» PROBLEM STATEMENT: Below are some records; quote exactly the lines from the one that contains "land cover: Sunflower" through the one that contains "longitude: 25.0929", inclusive, and no others.

» THE DATA:
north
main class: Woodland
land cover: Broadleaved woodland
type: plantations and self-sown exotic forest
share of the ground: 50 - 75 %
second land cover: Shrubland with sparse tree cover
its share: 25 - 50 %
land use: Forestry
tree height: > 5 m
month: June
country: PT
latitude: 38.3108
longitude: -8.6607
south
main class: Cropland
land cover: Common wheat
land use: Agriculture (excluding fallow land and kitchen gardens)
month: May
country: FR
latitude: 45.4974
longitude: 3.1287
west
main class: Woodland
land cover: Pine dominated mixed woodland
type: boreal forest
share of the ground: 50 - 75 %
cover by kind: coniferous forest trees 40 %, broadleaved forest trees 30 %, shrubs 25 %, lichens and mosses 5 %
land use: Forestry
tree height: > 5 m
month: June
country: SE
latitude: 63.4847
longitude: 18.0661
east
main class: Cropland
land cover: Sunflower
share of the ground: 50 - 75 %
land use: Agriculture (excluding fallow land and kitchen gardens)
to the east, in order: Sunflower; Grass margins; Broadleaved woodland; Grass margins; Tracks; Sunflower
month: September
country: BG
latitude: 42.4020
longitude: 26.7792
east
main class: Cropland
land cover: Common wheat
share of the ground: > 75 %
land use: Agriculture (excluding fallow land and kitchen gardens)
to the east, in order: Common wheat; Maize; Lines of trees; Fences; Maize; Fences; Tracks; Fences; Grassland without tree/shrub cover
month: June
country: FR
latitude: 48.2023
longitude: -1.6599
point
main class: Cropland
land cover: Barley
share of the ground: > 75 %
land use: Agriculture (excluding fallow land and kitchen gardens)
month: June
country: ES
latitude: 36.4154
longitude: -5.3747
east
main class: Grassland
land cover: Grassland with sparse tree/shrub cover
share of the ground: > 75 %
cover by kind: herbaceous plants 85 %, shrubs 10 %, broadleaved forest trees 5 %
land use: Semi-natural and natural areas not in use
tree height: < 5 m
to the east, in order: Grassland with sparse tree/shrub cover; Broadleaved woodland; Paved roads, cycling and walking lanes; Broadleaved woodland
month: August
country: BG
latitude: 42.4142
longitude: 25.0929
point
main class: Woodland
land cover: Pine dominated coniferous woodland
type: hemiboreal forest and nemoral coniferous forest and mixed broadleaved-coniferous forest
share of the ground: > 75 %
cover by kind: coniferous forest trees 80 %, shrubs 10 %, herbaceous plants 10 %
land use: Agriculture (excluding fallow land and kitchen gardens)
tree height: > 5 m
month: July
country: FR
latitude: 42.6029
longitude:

» TASK SOLUTION:
land cover: Sunflower
share of the ground: 50 - 75 %
land use: Agriculture (excluding fallow land and kitchen gardens)
to the east, in order: Sunflower; Grass margins; Broadleaved woodland; Grass margins; Tracks; Sunflower
month: September
country: BG
latitude: 42.4020
longitude: 26.7792
east
main class: Cropland
land cover: Common wheat
share of the ground: > 75 %
land use: Agriculture (excluding fallow land and kitchen gardens)
to the east, in order: Common wheat; Maize; Lines of trees; Fences; Maize; Fences; Tracks; Fences; Grassland without tree/shrub cover
month: June
country: FR
latitude: 48.2023
longitude: -1.6599
point
main class: Cropland
land cover: Barley
share of the ground: > 75 %
land use: Agriculture (excluding fallow land and kitchen gardens)
month: June
country: ES
latitude: 36.4154
longitude: -5.3747
east
main class: Grassland
land cover: Grassland with sparse tree/shrub cover
share of the ground: > 75 %
cover by kind: herbaceous plants 85 %, shrubs 10 %, broadleaved forest trees 5 %
land use: Semi-natural and natural areas not in use
tree height: < 5 m
to the east, in order: Grassland with sparse tree/shrub cover; Broadleaved woodland; Paved roads, cycling and walking lanes; Broadleaved woodland
month: August
country: BG
latitude: 42.4142
longitude: 25.0929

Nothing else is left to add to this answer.